Welcome to the future, That was what the sign at the arrival gate had said. Acid rain had faded most of the lettering – but if you squinted your eyes long enough you could make out the letters… just.

It really hadn’t seemed like much of a future. First impressions were pretty dire.

After they had bundled us up into the bus a few of us had thrown up on the floor. The bus driver didn’t look up – sick on the floor was a normal thing. Both the driver and the bus together symbolised pretty much everything you needed to know about Arkanis. 

Jammed to one side of the seat was a broken plastic figurine – the original AI driver,  which long since had been disconnected. From its askew body came a spaghetti of coloured wires, each connected to a makeshift set of controls, the driver, tired, worn and working well past what anyone might have ordinarily deemed a retirement age looked ready to keel over.

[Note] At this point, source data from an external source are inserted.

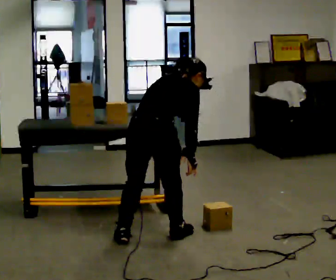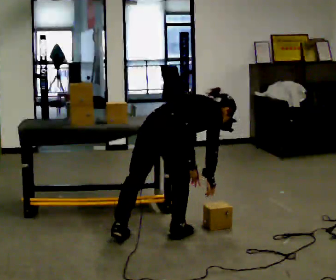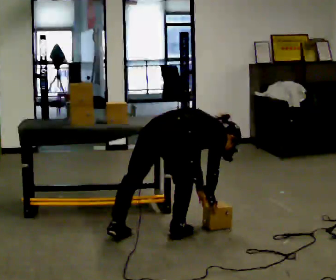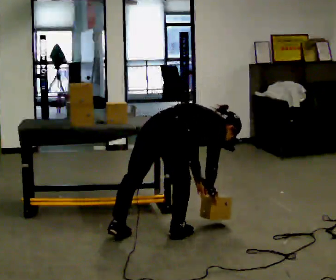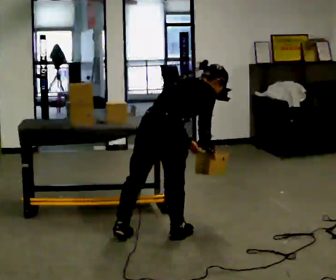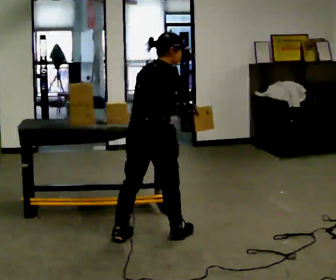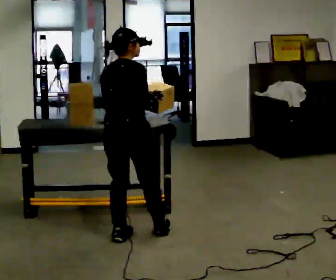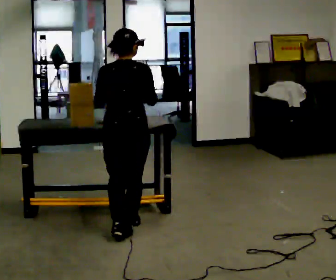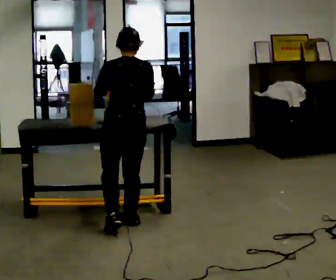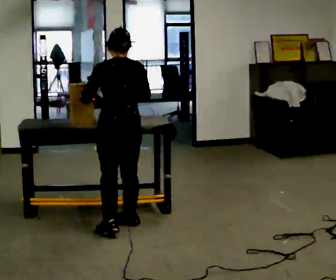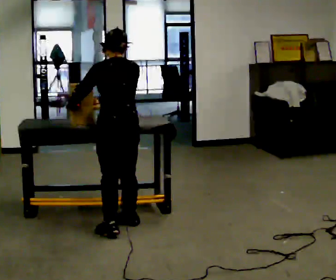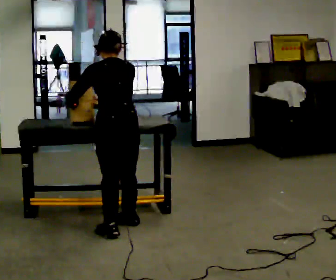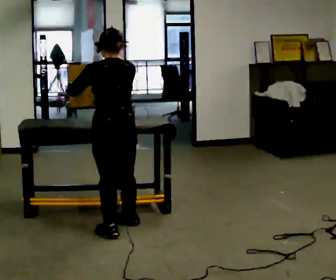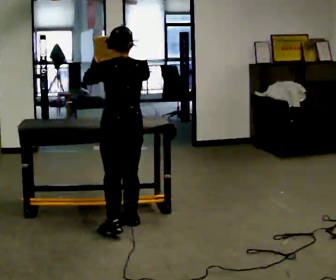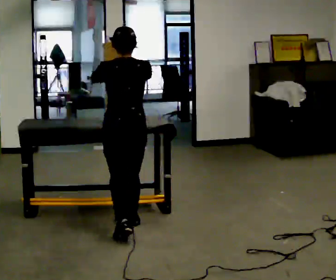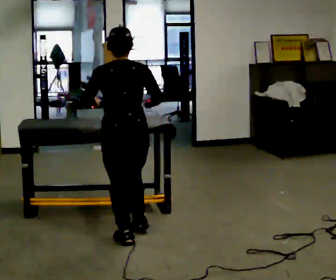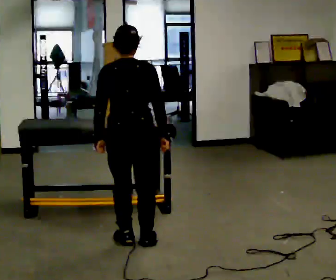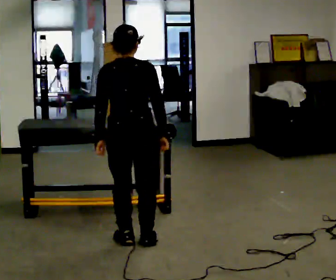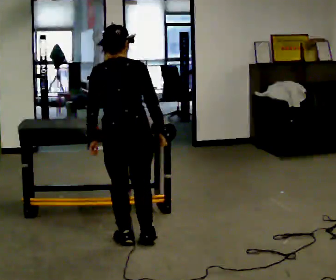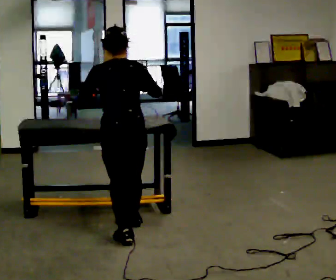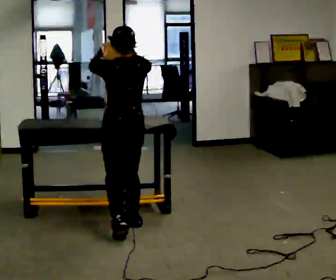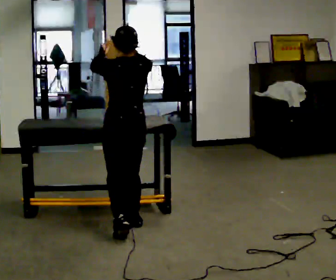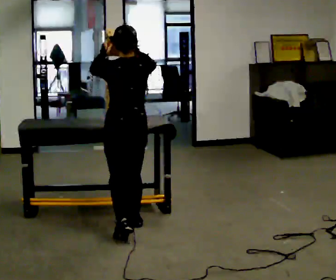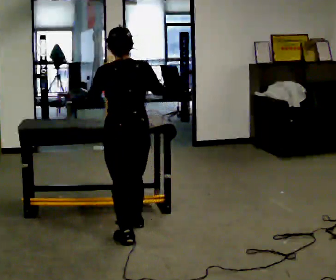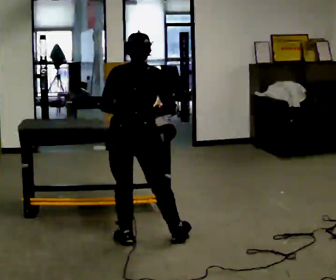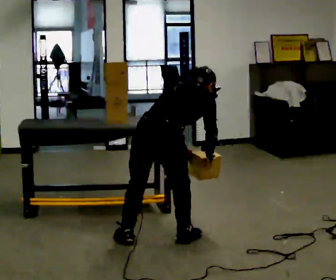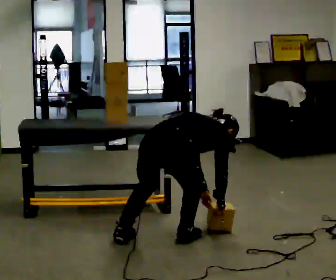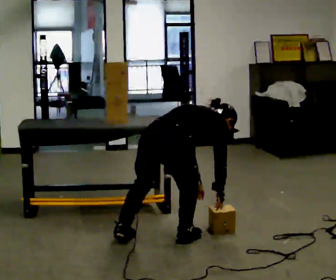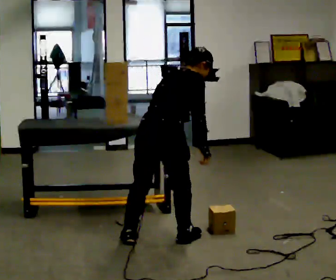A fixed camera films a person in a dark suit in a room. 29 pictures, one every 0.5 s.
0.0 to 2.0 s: The person moves a little, or ends about where they began.
2.0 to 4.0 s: Seen from above the body turns counterclockwise, about 60 degrees: to their left, with its near side sliding to the right. In the picture they go away from the camera and to the left, about 0.5 m in 1 step. In the picture the upper body tilts counterclockwise, shoulders to the left, as they lean back or straighten. In the picture their right hand goes upward.
4.0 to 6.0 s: The person moves a little, or ends about where they began.
6.0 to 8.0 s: In the picture they go toward the camera, about 0.25 m in 2 steps, which for them is backward.
8.0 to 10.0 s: In the picture they go away from the camera, about 0.25 m in 1 step, which for them is forward. In the picture their right hand goes upward.
10.0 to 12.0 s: In the picture they go toward the camera, about 0.25 m in 1 step, which for them is backward. The upper body tips away from the camera, its near side rolling upward, as they bend forward. In the picture their right hand goes downward.
12.0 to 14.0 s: The part of the body nearest the lens slides to the left as the person turns to their right by about 45 degrees. In the picture they go to the right, about 0.25 m, which for them is to their right.
The film runs backward here.

When the first settlers had come to Arkanis, they had come seeking a paradise away from all of the nonsense associated with the corps. The brain child of Alexander Kisgard – he and his followers had come to “start society anew”. A flat power structure, one where everyone stood on their own feet.

The law was simple. Don’t harm another person, don’t take more than you need, stand on your own two feet. In a way it was PURE liberteranism. There were no safety nets unless you built them yourself. Police ? No – but you could if you could afford it – pay someone to protect you.

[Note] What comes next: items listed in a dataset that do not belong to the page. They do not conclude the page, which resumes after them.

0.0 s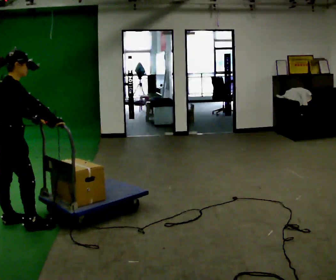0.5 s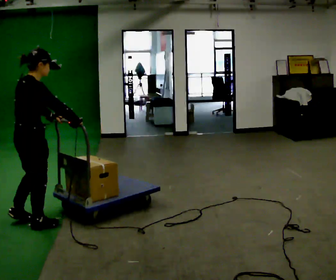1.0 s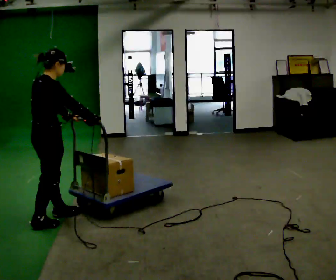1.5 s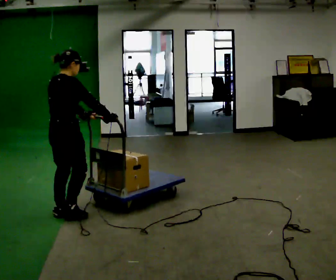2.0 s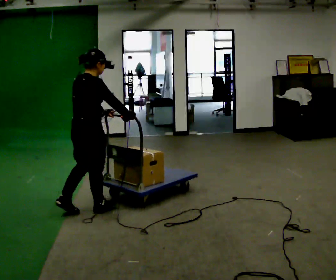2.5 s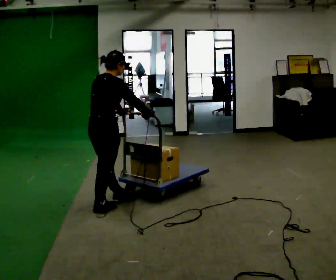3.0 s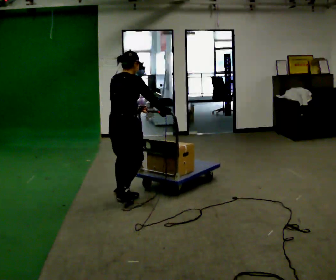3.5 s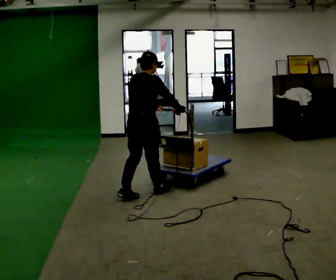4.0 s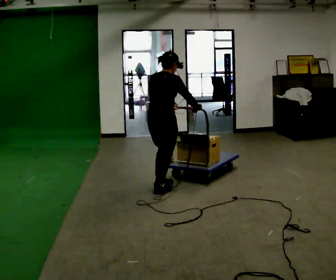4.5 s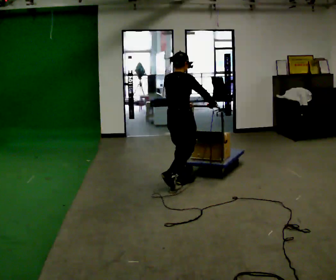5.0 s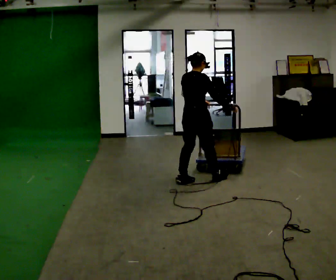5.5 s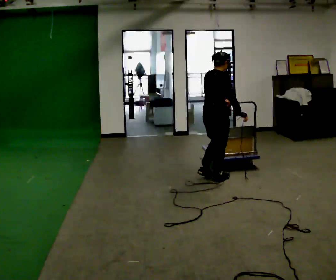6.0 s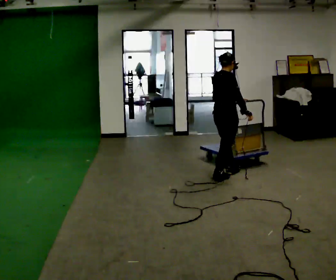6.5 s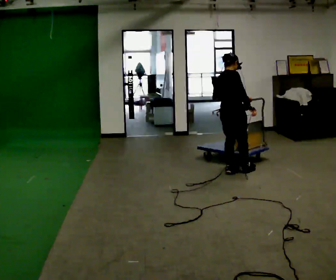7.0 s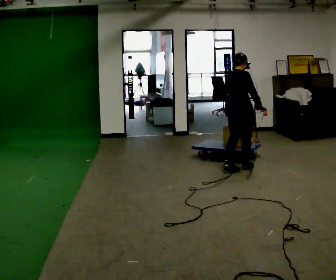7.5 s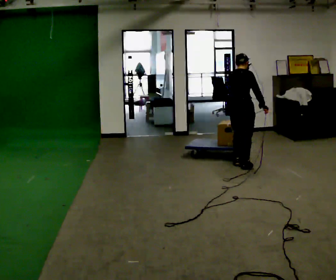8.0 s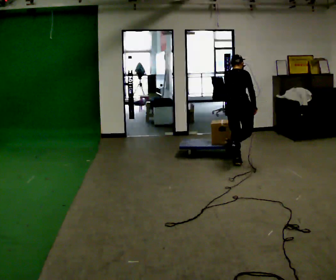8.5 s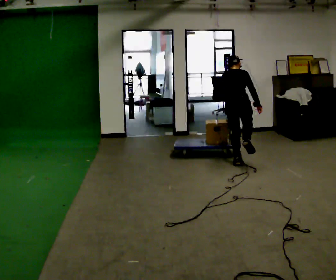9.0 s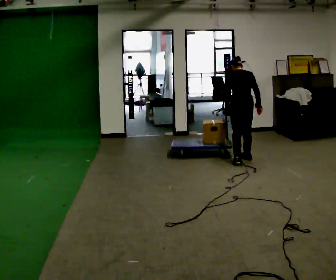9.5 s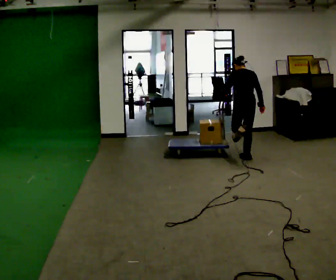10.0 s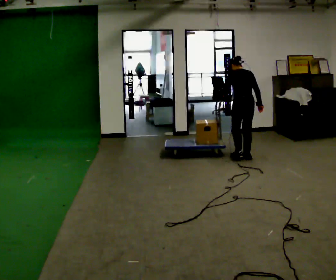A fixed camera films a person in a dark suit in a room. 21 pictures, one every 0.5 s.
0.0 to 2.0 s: In the picture they go to the right and away from the camera, about 0.5 m in 3 steps, which for them is forward.
2.0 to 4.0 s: In the picture they go away from the camera and to the right, about 1 m in 2 steps, which for them is forward.
4.0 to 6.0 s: In the picture they go to the right and away from the camera, about 1 m in 3 steps, which for them is forward.
6.0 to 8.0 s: Seen from above the body turns counterclockwise, about 30 degrees: to their left, with its near side sliding to the right. In the picture they go away from the camera, about 0.5 m in 3 steps, which for them is forward.
8.0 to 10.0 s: The part of the body nearest the lens slides to the right as the person turns to their left by about 45 degrees. In the picture they go away from the camera, about 0.25 m in 1 step, which for them is forward and to their right.
The film runs forward here.

Land – who cared right?  You had a whole planet you could take. And the idea was – if someone was being greedy – you would band together to remove the greedy person. That was the law of the land.

But life didn’t work like that, not when individuals and power structures existed. Playing out like some late night reality flick – alliances quickly formed – and while some stuck true to Kisgards values – many did not – and with no checks and balances in place – power was over several decades consolidated into the wholdings of three family groups.
Though calling them a family was generous  - they were more like the feudal kingdoms in old earth history. Each having small tiffs, border clashes, but generally sitting in stalemate, waiting for the right time to take the other.

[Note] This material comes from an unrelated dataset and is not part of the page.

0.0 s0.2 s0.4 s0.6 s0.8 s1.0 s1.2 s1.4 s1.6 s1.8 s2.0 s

I guess in the next 100 years or so one or two of the families will cease to exist. Everyone knew it. Sure there were a few kisgardian communities floating around the periphery some even held land and resources that the three families really desired. But for now – trading relationships were keeping the peace at bay.

But like any good fledgling settlement, and any good remote colony. What every family needed was workers. Sure bots had come with the initial settlers, in fact many of the buildings in what you might call cities had been built by bots. But – just like humans, bots tend to wear out. The Kisgardians had sort of counted on this, hoping for humanity to return to a state where you built your future with your own two hands. Sure off world trading would enable those on Arkanis to buy parts, but really what you needed was food and shelter – so the bots could wait. Eventually most of them fell into disarray.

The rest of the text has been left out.